ACA’s Employer Wellness Program Rules: New Challenges for Employers

We’re currently at the height of “open enrollment” season – the annual period during which most employers offering health benefits to their employees roll out information on changes to the benefits plan and assist employees in making their benefit selections for the coming year.  Employees can expect to see new programs, incentives, and opportunities offered by their employers with regard to wellness program participation and achievement of wellness goals, as a result of the ACA.  Unfortunately, when it comes to the employer wellness program rules issued this summer by the US Departments of Health and Human Services, Labor, and Treasury, ACA might well stand for the Ambiguity and Confusion Act. 

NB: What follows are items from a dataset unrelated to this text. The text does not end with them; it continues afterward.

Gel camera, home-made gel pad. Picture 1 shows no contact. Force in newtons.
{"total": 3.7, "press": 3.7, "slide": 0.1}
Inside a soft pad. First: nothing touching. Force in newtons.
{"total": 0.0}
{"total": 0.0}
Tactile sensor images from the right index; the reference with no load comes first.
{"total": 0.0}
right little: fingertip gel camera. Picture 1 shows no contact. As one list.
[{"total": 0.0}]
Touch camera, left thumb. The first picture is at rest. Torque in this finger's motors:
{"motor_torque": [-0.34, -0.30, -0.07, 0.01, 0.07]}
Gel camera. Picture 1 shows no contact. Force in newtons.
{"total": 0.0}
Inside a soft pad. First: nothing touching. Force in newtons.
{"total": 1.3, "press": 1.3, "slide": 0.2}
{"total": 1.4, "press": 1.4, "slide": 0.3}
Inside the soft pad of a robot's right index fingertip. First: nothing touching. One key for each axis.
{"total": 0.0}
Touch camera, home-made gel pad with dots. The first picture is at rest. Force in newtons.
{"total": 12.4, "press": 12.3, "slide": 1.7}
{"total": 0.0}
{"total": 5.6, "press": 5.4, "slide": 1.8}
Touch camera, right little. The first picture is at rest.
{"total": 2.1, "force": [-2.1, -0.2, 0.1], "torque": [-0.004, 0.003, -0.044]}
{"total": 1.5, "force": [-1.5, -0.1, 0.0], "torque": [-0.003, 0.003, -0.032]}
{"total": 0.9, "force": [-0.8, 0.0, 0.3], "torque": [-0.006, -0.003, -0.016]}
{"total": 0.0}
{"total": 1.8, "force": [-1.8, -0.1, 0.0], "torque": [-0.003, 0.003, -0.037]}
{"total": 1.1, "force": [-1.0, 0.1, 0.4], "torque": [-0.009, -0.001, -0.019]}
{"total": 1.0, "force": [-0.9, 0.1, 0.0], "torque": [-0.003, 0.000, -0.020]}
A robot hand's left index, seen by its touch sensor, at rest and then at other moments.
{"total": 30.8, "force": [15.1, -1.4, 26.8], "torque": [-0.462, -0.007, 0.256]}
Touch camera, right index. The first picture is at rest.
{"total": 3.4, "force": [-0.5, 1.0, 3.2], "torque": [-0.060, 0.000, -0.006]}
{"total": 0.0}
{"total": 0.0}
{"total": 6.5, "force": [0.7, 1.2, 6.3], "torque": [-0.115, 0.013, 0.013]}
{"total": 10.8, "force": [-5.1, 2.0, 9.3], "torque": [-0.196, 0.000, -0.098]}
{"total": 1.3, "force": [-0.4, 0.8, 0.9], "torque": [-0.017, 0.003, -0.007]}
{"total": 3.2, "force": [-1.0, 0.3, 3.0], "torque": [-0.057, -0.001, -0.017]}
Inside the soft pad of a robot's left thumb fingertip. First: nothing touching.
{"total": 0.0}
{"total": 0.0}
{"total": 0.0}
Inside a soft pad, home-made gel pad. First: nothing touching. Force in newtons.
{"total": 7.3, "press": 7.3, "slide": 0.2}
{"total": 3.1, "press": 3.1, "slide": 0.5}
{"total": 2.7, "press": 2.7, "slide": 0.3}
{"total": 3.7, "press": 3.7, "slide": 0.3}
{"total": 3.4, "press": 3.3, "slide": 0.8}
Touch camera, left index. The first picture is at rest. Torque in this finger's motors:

According to the official Fact Sheet on the Affordable Care Act and Wellness Programs (, the “Act creates new incentives and builds on existing wellness program policies to promote employer wellness programs and encourage opportunities to support healthier workplaces.”  What’s not said is that the Act places employers at increased risk of litigation and expense, stifles innovation, and vitiates employers’ ability to address the population health crisis of unhealthy lifestyles.

Among key features of the rules is the distinction between “participatory” and “health-contingent” programs and incentives.  Participatory programs either do not offer a financial incentive, or link the incentive solely to participation in general aspects of the program, such as completing a health risk appraisal or attending a wellness seminar.  Health-contingent programs and incentives involve participation in a program addressing a specific health factor (e.g. weight management program) or achieving a particular outcome (e.g. losing weight or achieving normal body mass index).  There remains some ambiguity as to when a participatory program crosses the line and becomes health-contingent, even though it remains focused on participation rather than an outcome.

Ambiguity abounds in the wellness rules, as a result of the effort to ensure that health-contingent programs be nondiscriminatory: programs must be “reasonably designed,” offer a “reasonable chance of improving health or preventing disease,” be “reasonably designed to be available to all similarly situated individuals,” and offer “reasonable alternatives” to individuals who might not qualify for a reward due to a medical condition.  Employers must provide a “reasonable alternative standard” if an individual’s personal physician states that a plan’s standard is not medically appropriate for that individual.  It all sounds perfectly reasonable, doesn’t it?  The problem is that, with little precedent, and minimal regulatory guidance, employers are further exposed to risk of litigation, and significant statutory penalties for non-compliance, and are needing to further invest in seeking counsel from attorneys, benefits consultants, and other members of the ACA cottage industry.       

For me, what’s most troubling is the ambiguous requirement that programs not be “overly burdensome” for employees.  Employers face the significant burden of paying for the direct care costs and the indirect (lost productivity) costs associated with poor health, much of which is associated with lifestyle choices.  Perhaps it’s time that the employer’s significant burden was more equitably shared with employees.  As someone who has lost 30 pounds (15% of body weight) over the past year I can attest to the inherently “burdensome” nature of weight loss.  Of course, we need to ensure that national policies don’t discriminate against people with genetic predisposition to obesity and other health risks; the question is how to ensure that the wellness rules make accommodations and not excuses for poor lifestyle choices.